The United States wants us to forget.

The United States wants us to forget." 

Well, I don't want to forget. 



I was going to include some of Alexie's poetry from the memoir, but when I typed it into my computer, it didn't save, and maybe that is a sign because he tends to use profanity and this is a family blog.  JK!  It's not a family blog but I'm not sure strong language is what people come here for.




I do want to say that I watched O.J.: Made In America and it blew me away with its thoroughness, narrative skill, and absolutely essential education about the history of racial discrimination in L.A., something I didn't really understand when the O.J. Simpson trial first unfolded in 1994.  When I read Ann Patchett's book of essays, This Is the Story of a Happy Marriage, particularly her essay about trying out for the LAPD, she alluded to that history, but I was still pretty fuzzy on the details.  The murders in O.J.: Made in America are lurid and disturbing, obviously, and it has the most haunting trumpet music you'll ever hear in your life, but I'm so glad I watched it, and I wish everyone would see it.

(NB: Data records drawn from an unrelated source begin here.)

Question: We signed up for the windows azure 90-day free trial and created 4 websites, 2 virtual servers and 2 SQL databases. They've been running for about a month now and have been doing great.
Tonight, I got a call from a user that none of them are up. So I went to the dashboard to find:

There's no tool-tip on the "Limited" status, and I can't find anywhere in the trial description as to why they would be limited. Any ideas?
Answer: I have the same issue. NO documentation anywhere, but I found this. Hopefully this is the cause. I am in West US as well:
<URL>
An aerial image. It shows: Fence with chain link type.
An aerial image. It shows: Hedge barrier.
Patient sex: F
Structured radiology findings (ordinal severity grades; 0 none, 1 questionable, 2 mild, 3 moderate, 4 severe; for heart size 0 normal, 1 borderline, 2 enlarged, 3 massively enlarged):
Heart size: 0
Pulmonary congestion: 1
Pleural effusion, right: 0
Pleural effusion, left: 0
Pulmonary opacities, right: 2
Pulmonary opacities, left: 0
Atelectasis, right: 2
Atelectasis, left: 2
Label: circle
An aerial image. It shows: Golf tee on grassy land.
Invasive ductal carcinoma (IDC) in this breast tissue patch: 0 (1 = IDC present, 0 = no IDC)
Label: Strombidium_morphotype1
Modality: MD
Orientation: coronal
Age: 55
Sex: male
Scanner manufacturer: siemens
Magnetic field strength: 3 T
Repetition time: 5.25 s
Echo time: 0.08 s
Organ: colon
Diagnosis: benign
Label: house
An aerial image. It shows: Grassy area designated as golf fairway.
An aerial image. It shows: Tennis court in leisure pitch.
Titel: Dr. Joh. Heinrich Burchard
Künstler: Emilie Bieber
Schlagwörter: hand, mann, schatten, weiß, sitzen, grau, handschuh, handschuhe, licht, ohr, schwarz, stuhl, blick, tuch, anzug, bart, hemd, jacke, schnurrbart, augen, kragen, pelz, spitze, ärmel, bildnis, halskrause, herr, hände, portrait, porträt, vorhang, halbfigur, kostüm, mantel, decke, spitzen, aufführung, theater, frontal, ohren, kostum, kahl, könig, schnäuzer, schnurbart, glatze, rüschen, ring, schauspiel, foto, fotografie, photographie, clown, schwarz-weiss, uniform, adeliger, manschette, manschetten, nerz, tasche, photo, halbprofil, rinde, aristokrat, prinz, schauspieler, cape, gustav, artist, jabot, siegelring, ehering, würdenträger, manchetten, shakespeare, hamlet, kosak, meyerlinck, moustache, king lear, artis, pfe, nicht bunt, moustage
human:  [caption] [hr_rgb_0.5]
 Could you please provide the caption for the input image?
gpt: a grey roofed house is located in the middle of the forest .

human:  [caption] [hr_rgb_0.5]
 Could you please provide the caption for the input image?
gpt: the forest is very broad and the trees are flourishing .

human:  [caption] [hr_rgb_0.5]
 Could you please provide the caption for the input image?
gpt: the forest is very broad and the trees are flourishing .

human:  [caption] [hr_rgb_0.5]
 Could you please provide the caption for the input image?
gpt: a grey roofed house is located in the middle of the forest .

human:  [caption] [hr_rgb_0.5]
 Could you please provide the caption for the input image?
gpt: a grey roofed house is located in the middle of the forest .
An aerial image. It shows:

That's my Fourth of July post, you guys!  I obviously didn't set out to discuss genocide, violence, and racial discrimination but in a way, it feels fitting.  Some people don't want to talk about these things, and I understand not having the capacity to look at pain - your own, and the pain you inflict on others.  It's not something we're taught, really, at least not by the larger, hypermasculine culture we live in. 



Speaking of hypermasculine, check out this slide!
In my own life, I've watched adults do a dance when my child cries, hoping to distract her back to silliness.  I know a child's frustration is fleeting, but I want her to know: it's okay to be mad, it's okay to be sad.  It's okay to feel these things, because when you don't allow yourself to feel difficult emotions, you shut out half your life.  This shutting off of your experience is, I believe, what really causes suffering, not the initial pain you feel, which eventually recedes when you learn to integrate it all the way.




I'm done with the lecture.  What do you guys think of DeLillo for a baby's name?  Maybe just The Don??